Presenças sacramentais de Cristo

A esposa daquele que se humilhou a si mesmo, assumindo a condição de servo até à morte "e morte de cruz" (Filp 2,8), não poderia deixar, também ela, de ser pobre, radicalmente pobre. E a maior expressão da sua pobreza é a de, apesar de salva pelo Esposo, permanecer incapaz de se dar a vida a si mesma. No que são as verdadeiras realidades que a adornam (a graça, a santidade, a vida eterna), ela depende, sem cessar, daquele que a amou e se entregou por ela.

Só o Pai pode dar a vida. E fá-lo através de Jesus ressuscitado, o único mediador entre Deus e os homens, o único Sacerdote, como sublinha quase até à exaustão a Carta aos Hebreus. Sem a constante referência ao único sacerdócio de Cristo, a Igreja seria uma associação de bem-fazer ou até uma comunidade que escuta a Palavra, mas não seria a presença efectiva ("sacramental" – diz a Lumen gentium 1) do Senhor ressuscitado no mundo. A Igreja não é capaz de se salvar a si mesma, e tão-pouco é capaz de salvar os outros; não é ela a vida eterna, a verdade, e nem sequer é ela quem julga…

Certamente: o Esposo nada quer fazer sem a Esposa e, por isso, a Igreja é imprescindível enquanto meio e presença da graça (de tal forma que, mesmo quando actua fora das fronteiras eclesiais, o Senhor não deixa de convidar e indicar o caminho em direcção à sua Igreja). Mas isso não lhe retira a pobreza radical. Não espanta, pois, que no seio da Igreja – "dentro" como baptizados, membros de um "povo sacerdotal" que constantemente louva o Senhor, mas simultaneamente "perante ela", como ministros ordenados – o Senhor escolha aqueles que sacramentalmente participam e tornam presentes o único sacerdócio do Novo Testamento.

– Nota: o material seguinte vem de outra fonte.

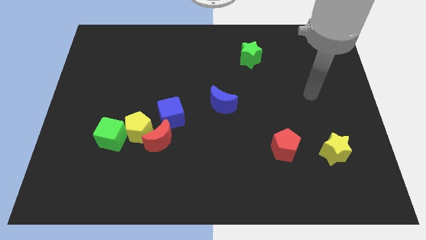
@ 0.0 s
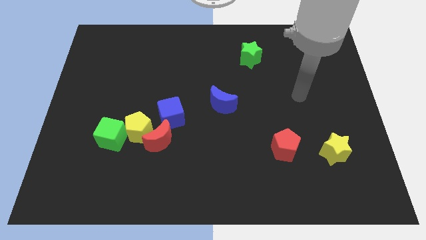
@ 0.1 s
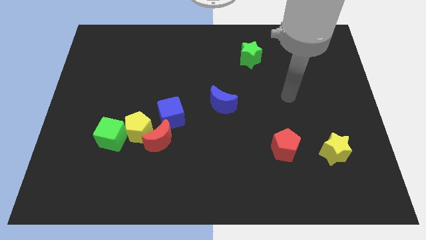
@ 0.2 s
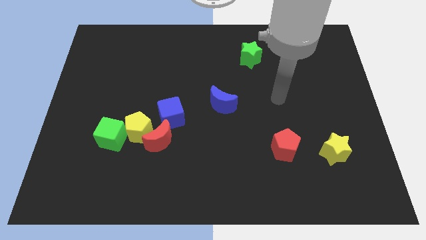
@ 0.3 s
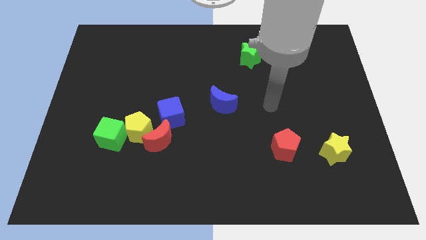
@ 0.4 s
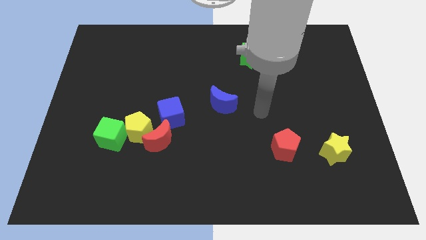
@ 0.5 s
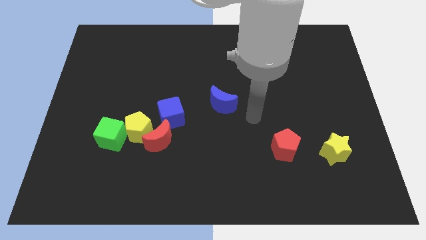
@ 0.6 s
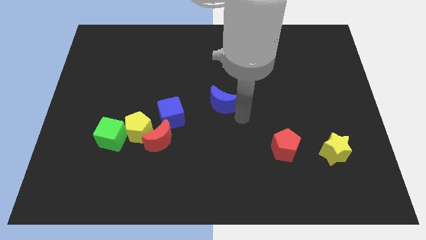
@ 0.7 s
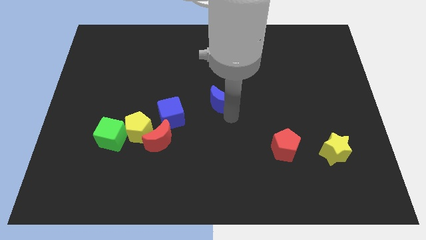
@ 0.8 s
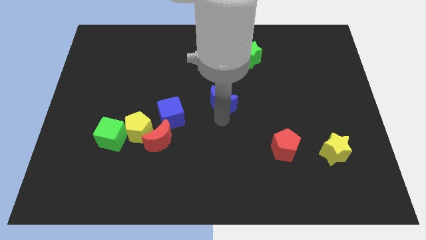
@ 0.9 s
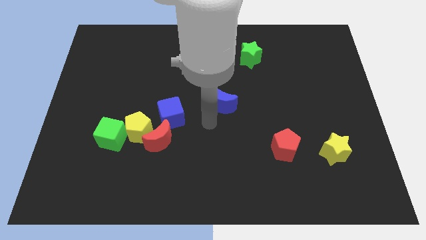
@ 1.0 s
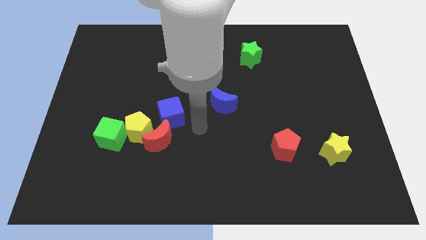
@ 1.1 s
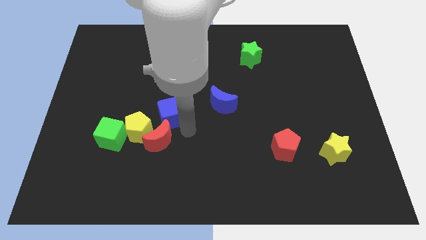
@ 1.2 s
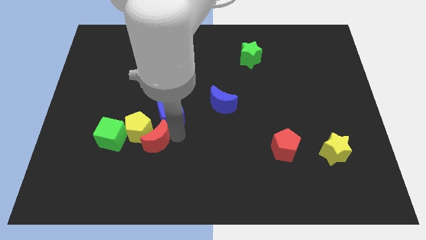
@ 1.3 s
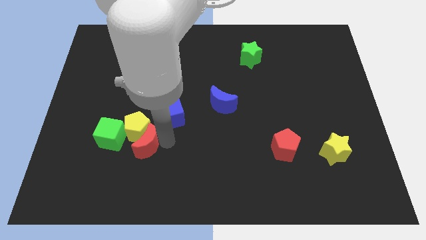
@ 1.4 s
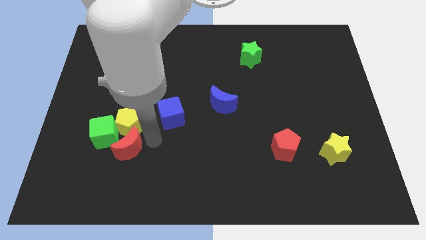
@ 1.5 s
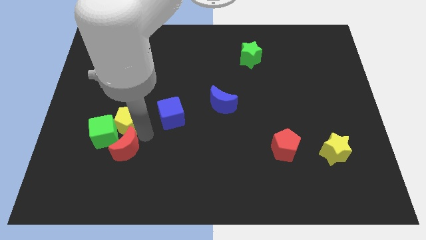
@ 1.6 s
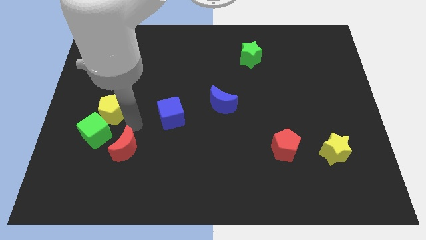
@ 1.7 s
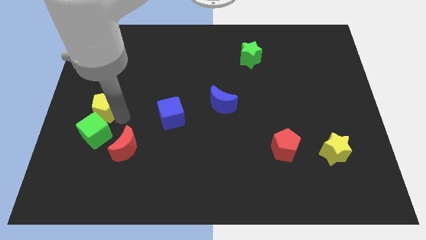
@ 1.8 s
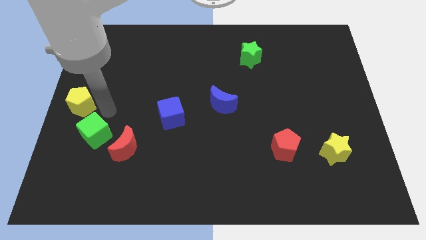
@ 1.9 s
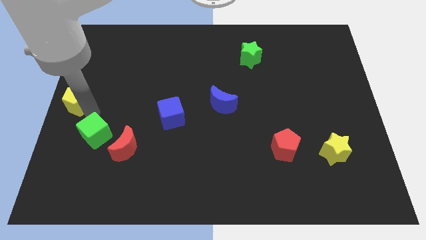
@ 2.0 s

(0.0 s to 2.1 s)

Eles mais não são que a presença da graça salvadora de Cristo, cabeça, esposo e pastor – daquela graça que só pode ser acolhida como dom, e nunca criação, descoberta humana. Chamamos-lhes "sacerdotes" por participarem do único sacerdócio de Cristo; "padres" porque são a expressão da paternidade divina em cada comunidade que lhes é confiada; "presbíteros" ou "bispos" porque desempenham o lugar dos "anciãos" que os apóstolos deixavam como sucessores em cada comunidade depois de partirem para uma outra missão fundadora de novas comunidades.

Ao longo dos tempos, o ministério sacerdotal assumiu formas diversas (tão diversas que alguns, de um modo vesgo, datam tardiamente o seu aparecimento, como se a sua presença dependesse do querer dos homens ou das instituições): os presbíteros ou "episcopos" da era apostólica, compreensivelmente desempenhavam de uma forma diferente o ministério sacerdotal. Mas se as suas expressões se foram modificando ao longo dos séculos, o conteúdo, esse permanece o mesmo.

É importante que o "Ano sacerdotal", que agora tem início por convocação do Papa, não seja uma exaltação da figura do Padre. Até porque qualquer sacerdote participa da pobreza radical da Igreja (e por isso também é importante que ele seja para todos um exemplo de efectiva pobreza): a vida que distribui não é a sua, mas a do Ressuscitado; o amor que torna presente não é seu, mas de Deus; a verdade que proclama não é a sua opinião mas o próprio Jesus (Jo 14,6).

Ao mesmo tempo, no entanto, é importante que a Igreja perceba que não pode viver sem estes que são, sacramentalmente, a presença paterna daquele que deu e quer dar a vida eterna a toda a humanidade – com efeito, eles não são apenas uns líderes de comunidades, e muito menos uns sábios que ensinam uma doutrina.

Finalmente, é essencial que a Igreja reze pela fidelidade dos seus sacerdotes: fidelidade àquilo em que o Senhor Jesus, por acção do Espírito Santo, os constituiu; que reze também por aqueles que são menos fiéis (e todos, porque pecadores, o somos), para que se convertam cada vez mais, em cada dia que passa.

E que reze, sem cessar, para que muitos oiçam o apelo de Jesus e sejam capazes de lhe entregar toda a sua vida.